Dans ce contexte, le PLR a récemment déposé un projet de loi constitutionnelle visant à démanteler la POLPROX (ou UPROX) et à rendre aux communes les compétences en matière de police de proximité. Ce texte acte l’échec du modèle centralisé imposé par la LPol de Pierre Maudet et reconnaît la nécessité de clarifier les missions, mutualiser les moyens et renforcer l’efficacité de terrain.

Le SPJ soutiendra pleinement cette initiative, qui va dans le sens de ce que nous défendons depuis des années : une police recentrée sur ses priorités fondamentales, au service direct des citoyens et capable d’assurer ses missions sans s’épuiser.

Le SPJ appelle Mme Kast et la Direction de la police à prendre leurs responsabilités

En refusant de s’attaquer aux causes structurelles du malaise, et en ignorant les alertes répétées des policiers, le Département de Mme Kast et la Direction de la police ont fait le mauvais choix de l’inaction. Leur priorité ? Sauver la façade, quitte à laisser l’institution s’effondrer et les agents sombrer.

Ils affirment que la question des effectifs budgétaires relève du Législatif, mais refusent d’utiliser les marges de manœuvre internes prévues par la réforme. Ils auraient très bien pu, par exemple :

Réorganiser les priorités,
Transférer des effectifs vers les unités jugées essentielles,
Réaffecter les policiers cantonnés à des tâches administratives,
Supprimer la POLPROX (ou UPROX) pour renforcer les policiers dédiés au secours et aux urgences, ainsi que la Police judiciaire, et pour concentrer les moyens sur les polices de proximité communales,
Remettre en question la super-spécialisation au sein de la Gendarmerie qui s’est opérée au détriment des policiers généralistes, contrairement à la Police judiciaire qui bénéficie de spécialistes dits « miliciens »,
Réduire les unités redondantes, coûteuses et inefficaces,
Ne plus nommer des cadres recrutés à l’externe, mais privilégier les nominations parmi ceux qui existent déjà à l’interne,
Rendre à la PJ sa filière de recrutement et de formation afin que ses effectifs ne soient plus dépendants de ceux de la Gendarmerie.

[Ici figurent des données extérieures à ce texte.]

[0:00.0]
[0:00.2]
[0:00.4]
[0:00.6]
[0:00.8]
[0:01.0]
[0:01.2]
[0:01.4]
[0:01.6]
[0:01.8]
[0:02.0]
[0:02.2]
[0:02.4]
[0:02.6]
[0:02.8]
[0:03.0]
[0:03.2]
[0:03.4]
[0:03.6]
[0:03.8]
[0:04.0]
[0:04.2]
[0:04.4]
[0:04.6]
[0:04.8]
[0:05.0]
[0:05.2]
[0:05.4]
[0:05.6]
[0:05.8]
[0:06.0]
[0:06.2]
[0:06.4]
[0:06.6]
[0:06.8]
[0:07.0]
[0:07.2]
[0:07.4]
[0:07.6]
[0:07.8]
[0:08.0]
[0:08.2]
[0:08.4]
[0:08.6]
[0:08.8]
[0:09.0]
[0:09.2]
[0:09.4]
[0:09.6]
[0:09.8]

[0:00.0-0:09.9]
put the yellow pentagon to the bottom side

Mais ils ne l’ont pas fait jusqu’ici.

C’est pourquoi nous appelons une nouvelle fois Mme Kast et la Direction de la police à prendre enfin leurs responsabilitéset à corriger rapidement les erreurs du passé qui peuvent encore l’être.

Il n’est pas trop tard pour changer de cap. Et si cette volonté existe, le SPJ sera un partenaire constructif et pleinement engagé pour bâtir une police plus opérationnelle, plus ancrée dans le réel et au service direct de la population.

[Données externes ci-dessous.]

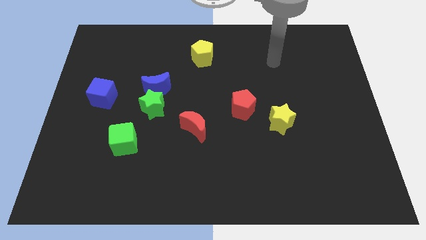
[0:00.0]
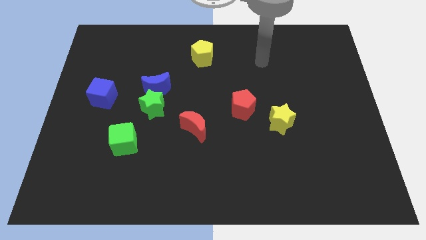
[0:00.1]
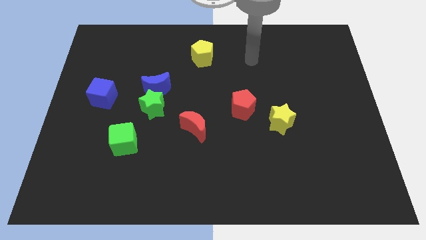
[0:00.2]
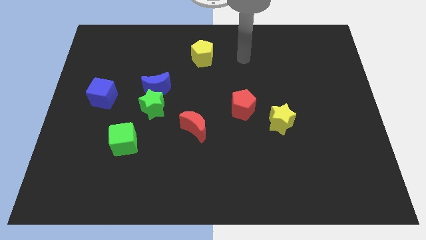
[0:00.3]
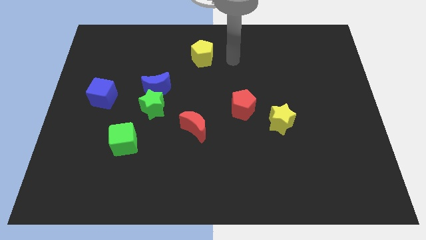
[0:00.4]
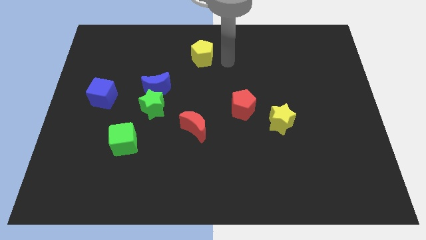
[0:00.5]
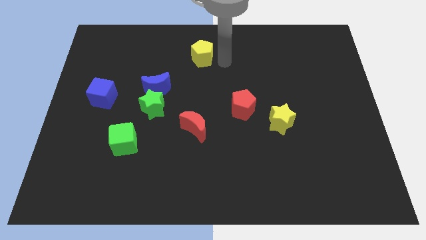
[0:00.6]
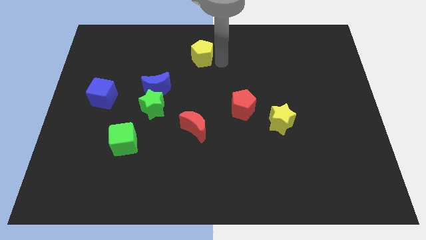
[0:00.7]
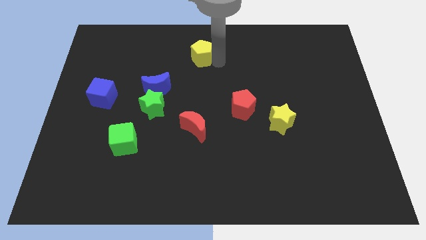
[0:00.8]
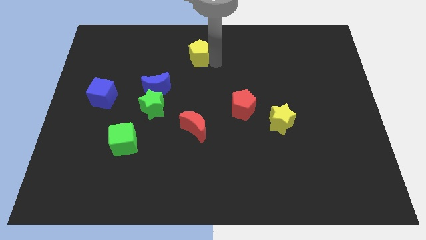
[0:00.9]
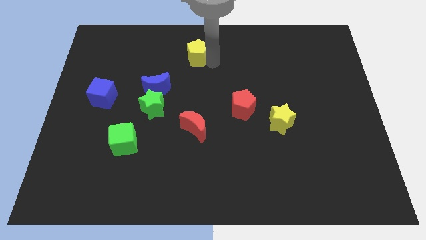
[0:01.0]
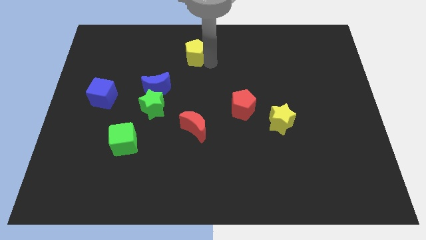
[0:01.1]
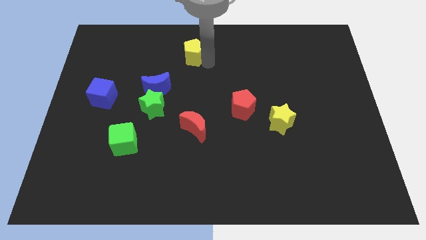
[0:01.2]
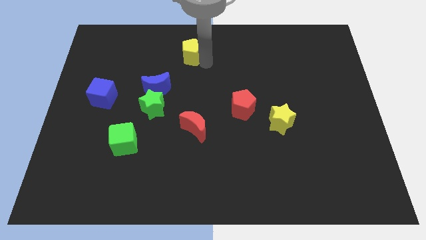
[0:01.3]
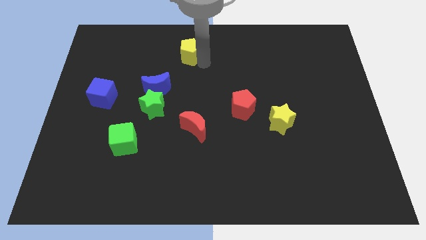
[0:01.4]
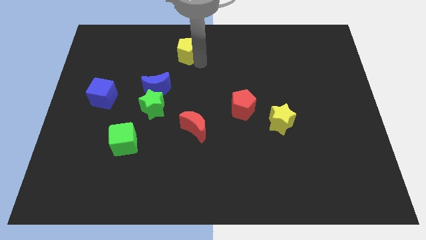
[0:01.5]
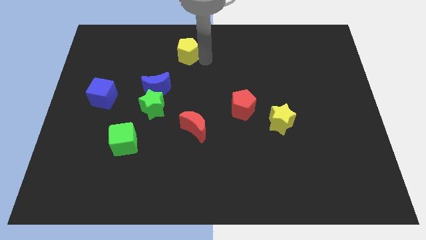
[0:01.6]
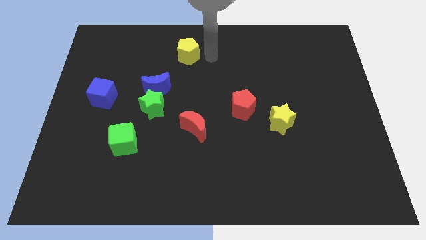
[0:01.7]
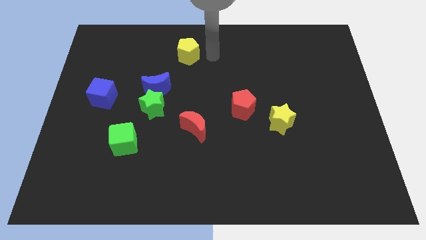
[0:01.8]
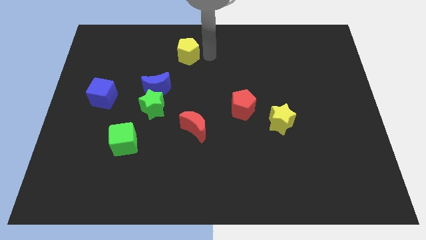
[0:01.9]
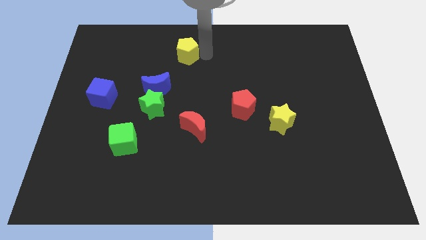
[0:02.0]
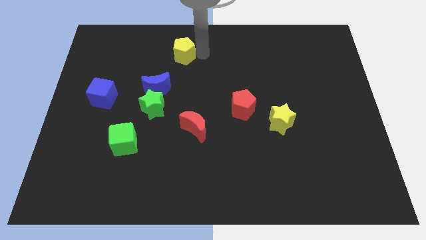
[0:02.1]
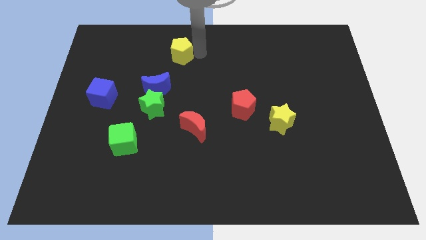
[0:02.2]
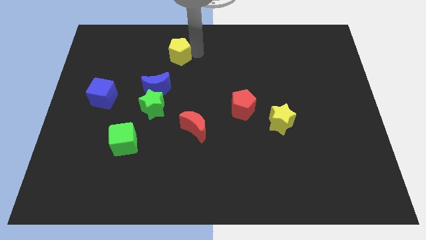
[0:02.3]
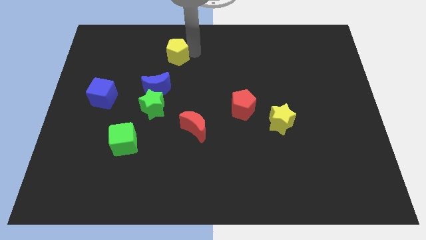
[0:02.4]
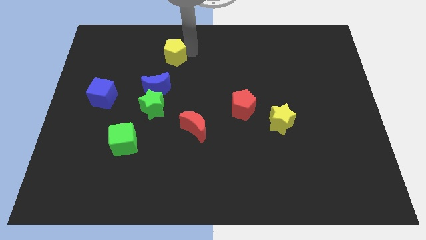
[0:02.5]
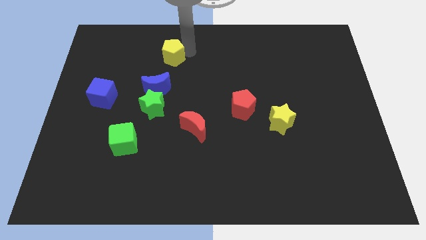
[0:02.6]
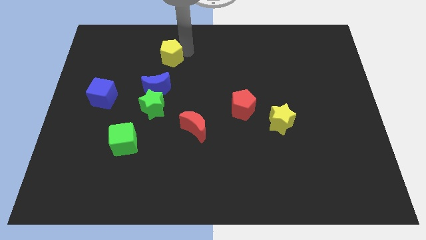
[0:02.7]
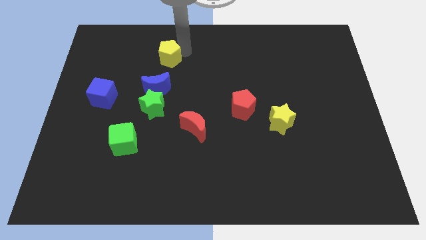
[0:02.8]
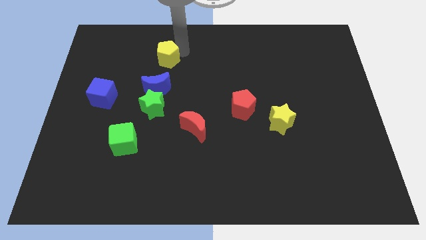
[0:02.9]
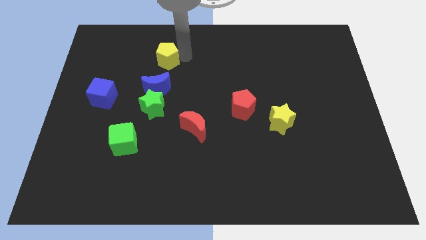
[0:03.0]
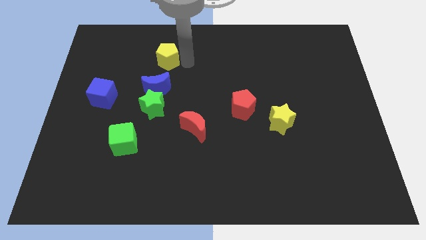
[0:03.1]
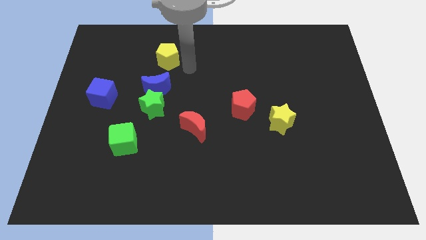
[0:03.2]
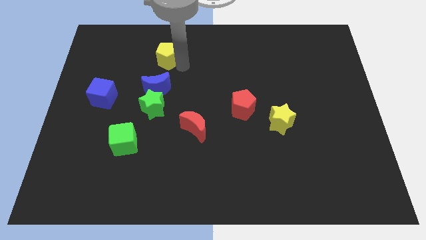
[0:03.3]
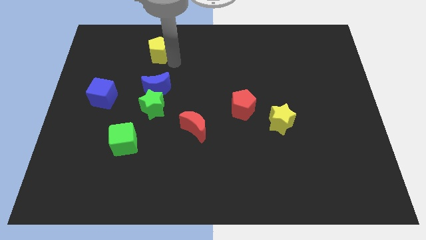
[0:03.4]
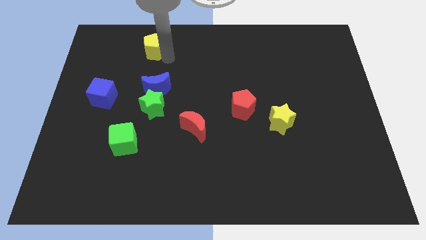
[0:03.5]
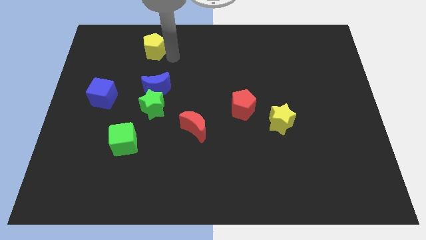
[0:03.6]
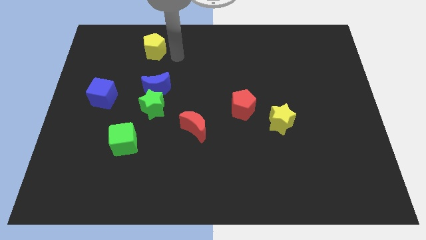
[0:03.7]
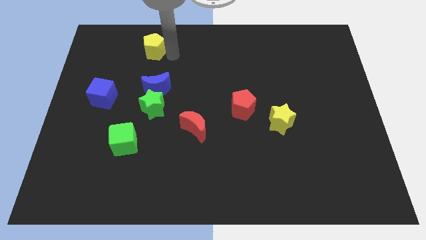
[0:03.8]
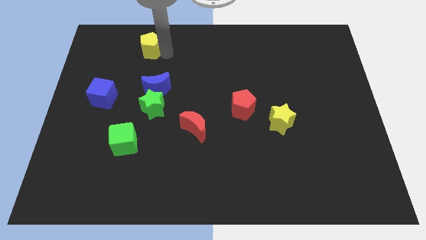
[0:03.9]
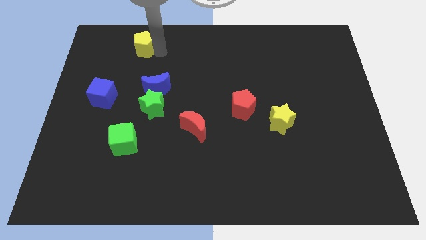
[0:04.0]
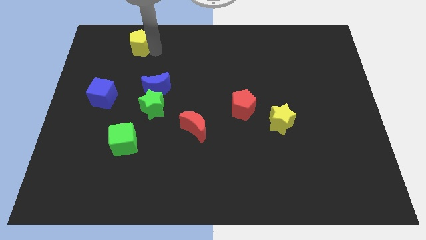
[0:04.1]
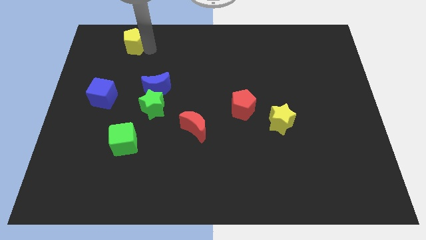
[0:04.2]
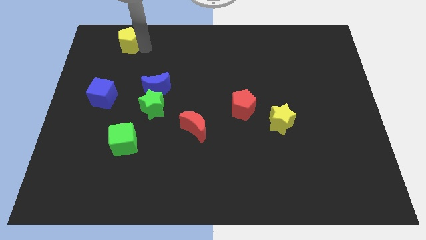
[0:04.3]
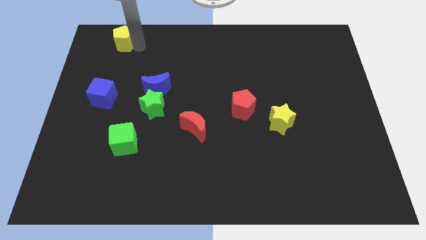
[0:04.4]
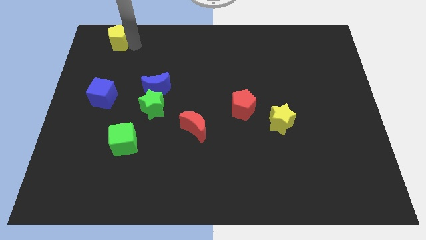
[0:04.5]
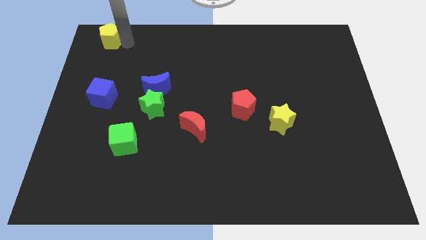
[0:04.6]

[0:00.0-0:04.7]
put the yellow pentagon to the top left

À défaut de mesures rapides et concrètes, le Grand Conseil devra, une fois encore, intervenir. Nous l’invitons dès à présent à rester vigilant et, si besoin, à rappeler à Mme Kast et à la Direction de la police qu’une loi votée doit être appliquée — pas travestie — surtout lorsque son détournement se fait au mépris des besoins et de la sécurité de la population.

C’est une condition indispensable pour que Genève retrouve la police d’excellence qu’elle a été, capable de relever les défis croissants avec rigueur, engagement et efficacité.

Parce que le bien-être de vos policiers est essentiel. Et parce que la sécurité publique ne peut plus attendre.